I would in-quarter the metal with silver and use nitric acid to dissolve the silver and base metals, leaving the more noble metals ready to process in aqua regia...

You will learn this and much more of how to prepare your dental scrap, and how to work with this material (that can have its own dangers), by reading Hoke's book, and studying the forum, and reading Harold's posts on dental gold (Harold Posts will be a good resource in your study in this area)...

I like processing dental scrap, but like with anything valuable you have to put in some work, and study to get to the values.

Be careful and work safely, study well, so you will stay healthy.


----------



## nickvc (Mar 14, 2014)

Butcher if she inquarts with silver some if not all the PGMs will dissolve with the silver and will need separating either by cell or by forming silver chloride and filtering the remaining solution off and then cementing the PGMs with copper.


----------



## butcher (Mar 14, 2014)

Nick you are very correct.

Adding extra silver is also a useful way to get a lot of the platinum group metals out later, in the silver cell. 

Copper can also be used to in-quarter the metal, before the nitric treatment to separate values, but for me nitric is just too expensive, and hard to get, to use up my nitric acid to just to dissolve copper and base metals.

I would rather use the nitric acid to dissolve sterling silver (making the acid go further) and recover most of the PGM's later in the silver cell.

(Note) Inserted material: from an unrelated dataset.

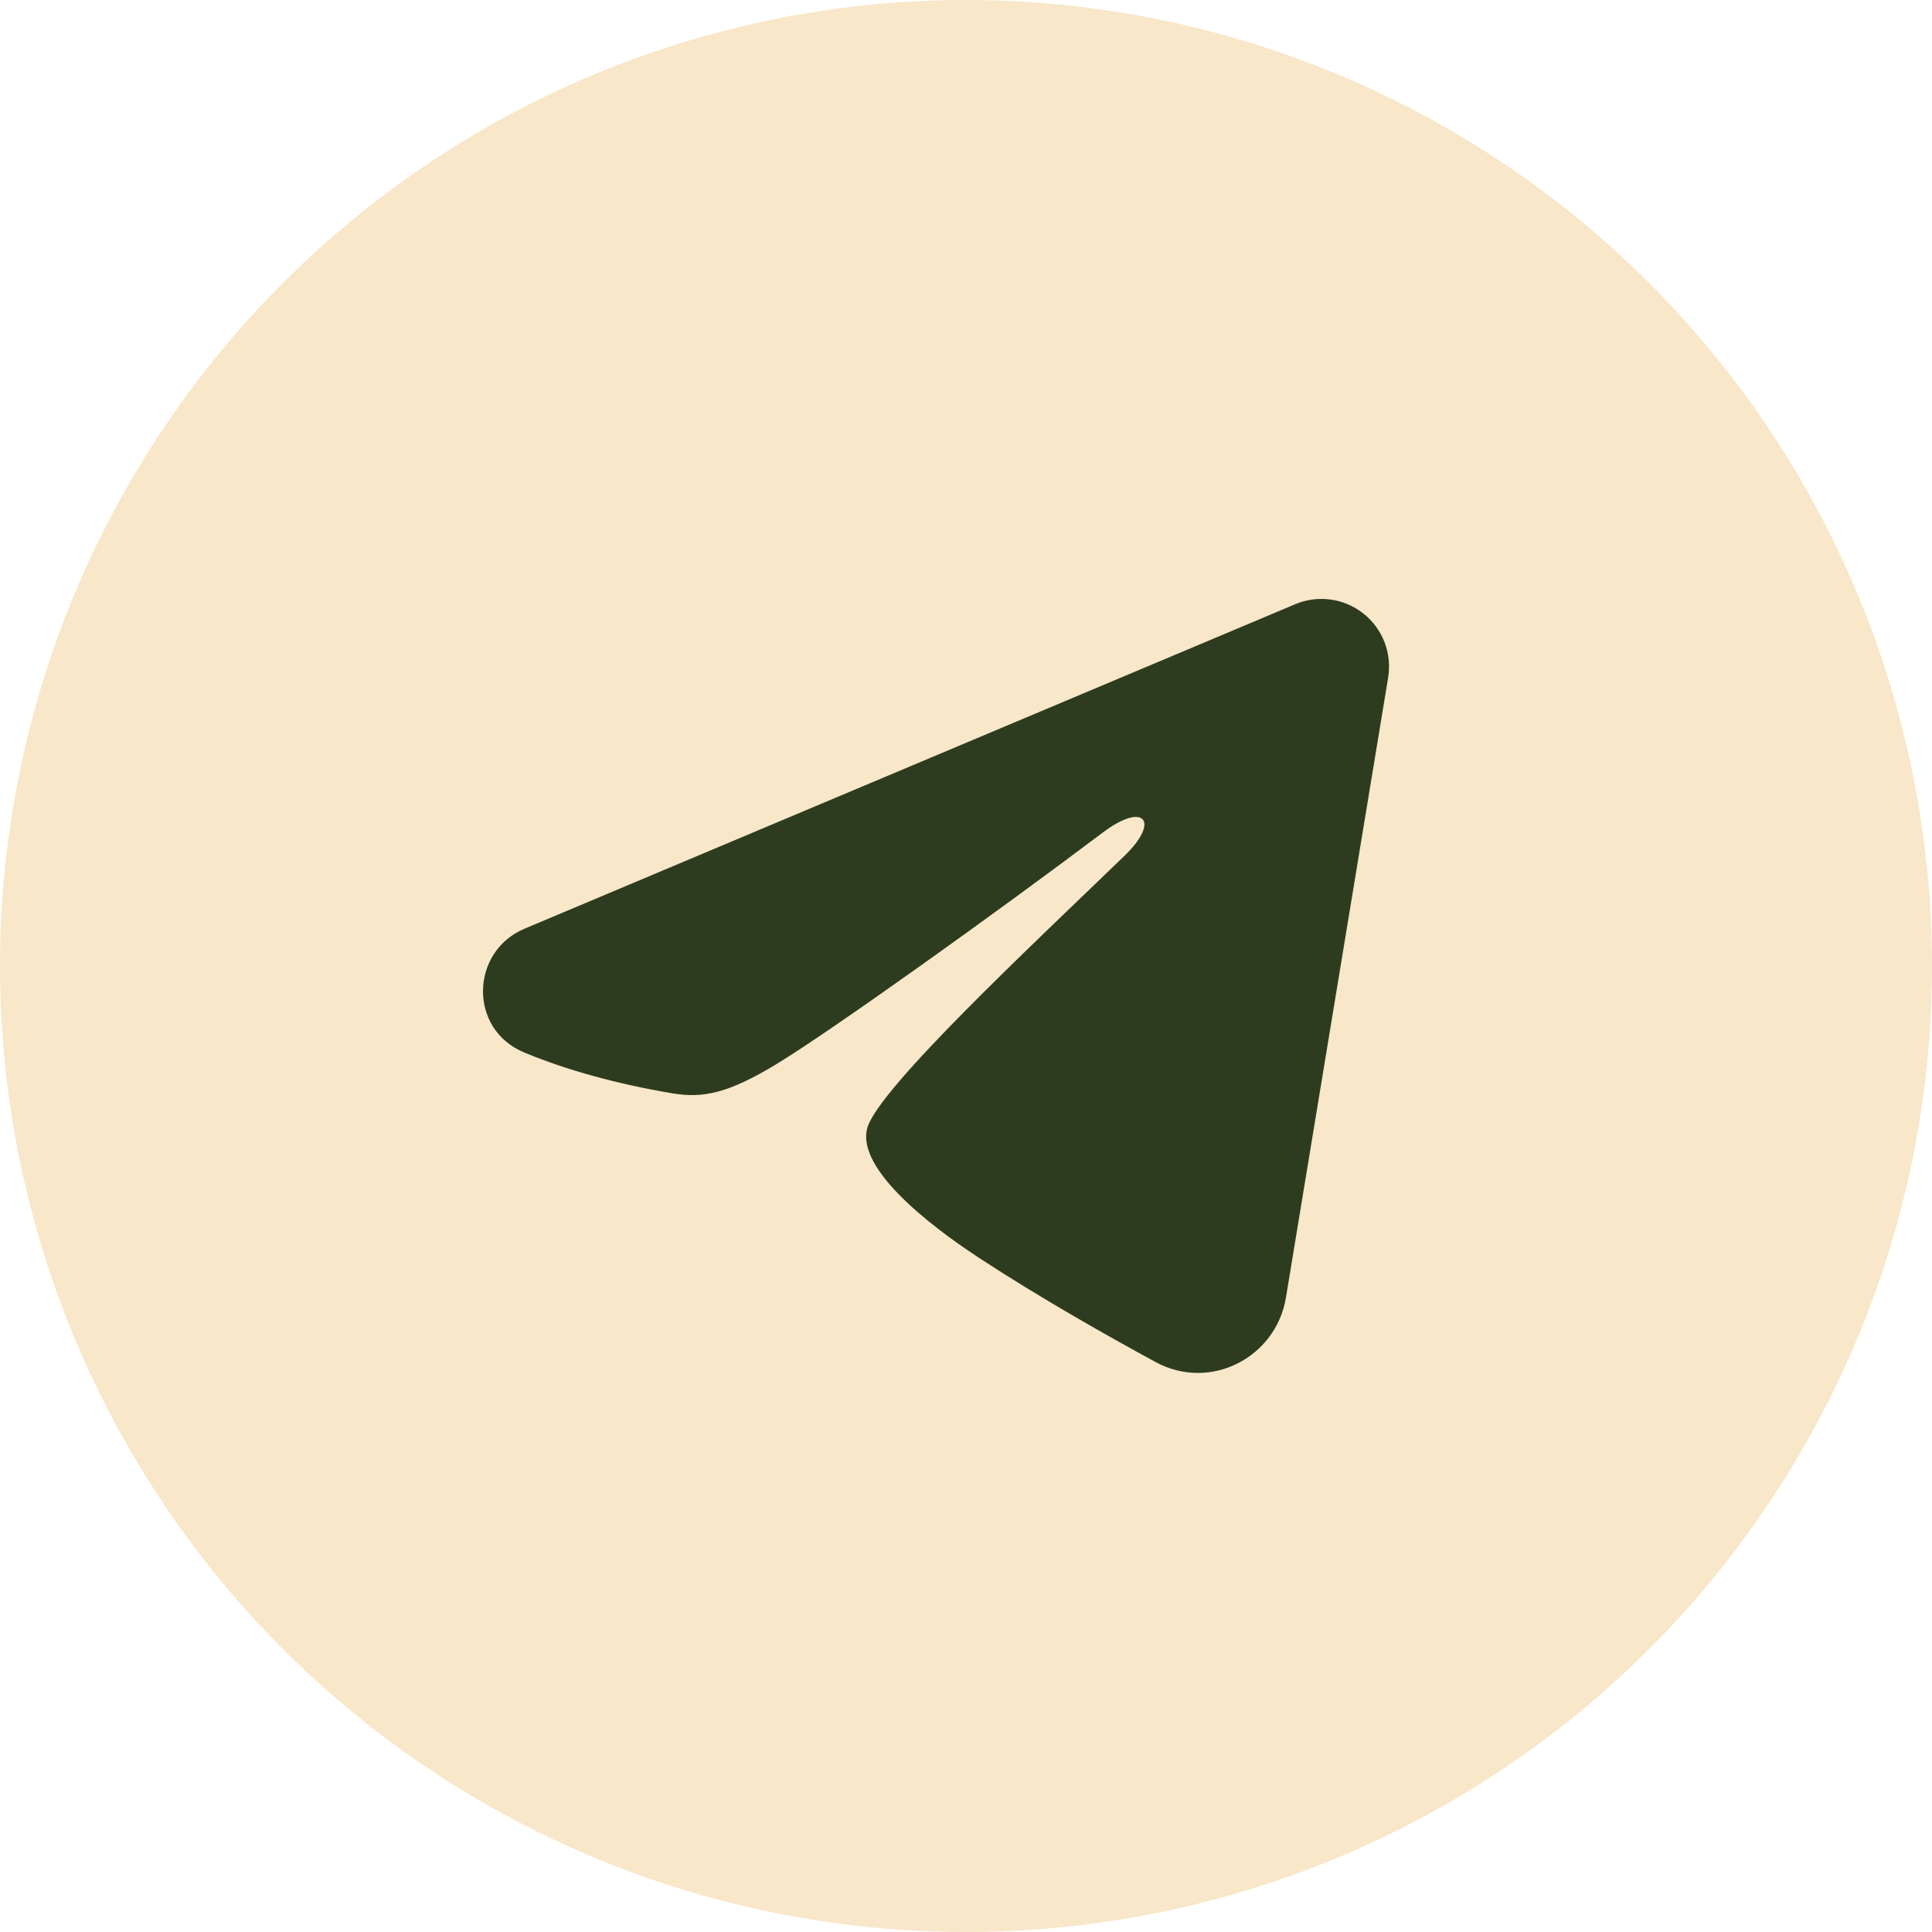 <?xml version="1.0" encoding="UTF-8"?> <svg xmlns="http://www.w3.org/2000/svg" width="100" height="100" viewBox="0 0 100 100" fill="none"><g clip-path="url(#clip0_243_112)"><circle cx="50" cy="50" r="50" fill="#F8E7C9"></circle><path fill-rule="evenodd" clip-rule="evenodd" d="M67.039 31.274C67.616 31.031 68.247 30.948 68.867 31.032C69.487 31.116 70.073 31.364 70.564 31.752C71.056 32.139 71.434 32.651 71.66 33.234C71.886 33.818 71.952 34.451 71.851 35.068L66.559 67.168C66.045 70.264 62.648 72.04 59.808 70.497C57.433 69.207 53.905 67.219 50.732 65.145C49.145 64.106 44.285 60.781 44.882 58.415C45.395 56.392 53.562 48.79 58.229 44.271C60.06 42.495 59.225 41.471 57.062 43.104C51.691 47.159 43.067 53.326 40.215 55.062C37.7 56.593 36.389 56.854 34.821 56.593C31.96 56.117 29.307 55.38 27.142 54.481C24.216 53.268 24.358 49.245 27.139 48.074L67.039 31.274Z" fill="#2D3C1F"></path></g><defs><clipPath id="clip0_243_112"><rect width="100" height="100" fill="white"></rect></clipPath></defs></svg>

I personally like to mix my karat gold, my placer mined gold and my yellow dental gold, and in-quarter these with sterling silver (adding an extra amount of silver) with the purpose of getting most of PGM's back in the silver cell later, and saving on nitric acid consumption.


----------



## Digitaria (Mar 14, 2014)

Thank you all, for such a warm welcome. I'm off reading 'Hoke' at the moment and will concentrate on all your comments a little later, but for now - I have put the acid away, I will strain and try and process the scrap a bit more and come back to things later, I've already invested in this project and I really do want to understand more, so thanks for the advice. 

I went off to sleep last night, after reading loads and loads and woke this morning in what seemed like a lightbulb moment....lol
Perhaps - I can simply make an water absorbing fume cupboard, a bit like a sand blasting cabinet with arm holes and rubber gauntlets, with water water within to absorb the fumes? In the book from 'Hoke' she uses an up-turned cloche to catch the fumes, over the reaction vessel, which she says the fumes are then absorbed by the water. The difference between the cloche, and this is I could make a large acrylic cabinet with arm hole's and small door, with room to work, and with corked hole at the top for topping up the water within the stoneware. The resovoir could even be heated from below with a spirit burner. I think this could work, and be in-expensive? This seems to make sense then for me, rather than investing in a fume cabinet, which will only eject the fumes, albeit with a fan, out and into the back yard anyway? What, with teh fumes being heavier than air. Or is this type of water enclosure, simply what you already mean, when you refer to 'washing the fumes'?


----------



## rickbb (Mar 14, 2014)

Washing or scrubbing the fumes means to remove the toxic acid based gases, and any metals that may be present in the vapors, from them, converting them back to a liquid/solid and collecting them, then venting then now clean, (at least not toxic), air outside.

I also noticed that you have purchased a acid/gas mask, please don't rely on that. It will not save your life or protect your health. Those types of masks are only to supplement an active fume venting system and in case of the need for any emergency evacuation of the work area. They will only handle a very small amount of the types of gases in this type of work and then become useless.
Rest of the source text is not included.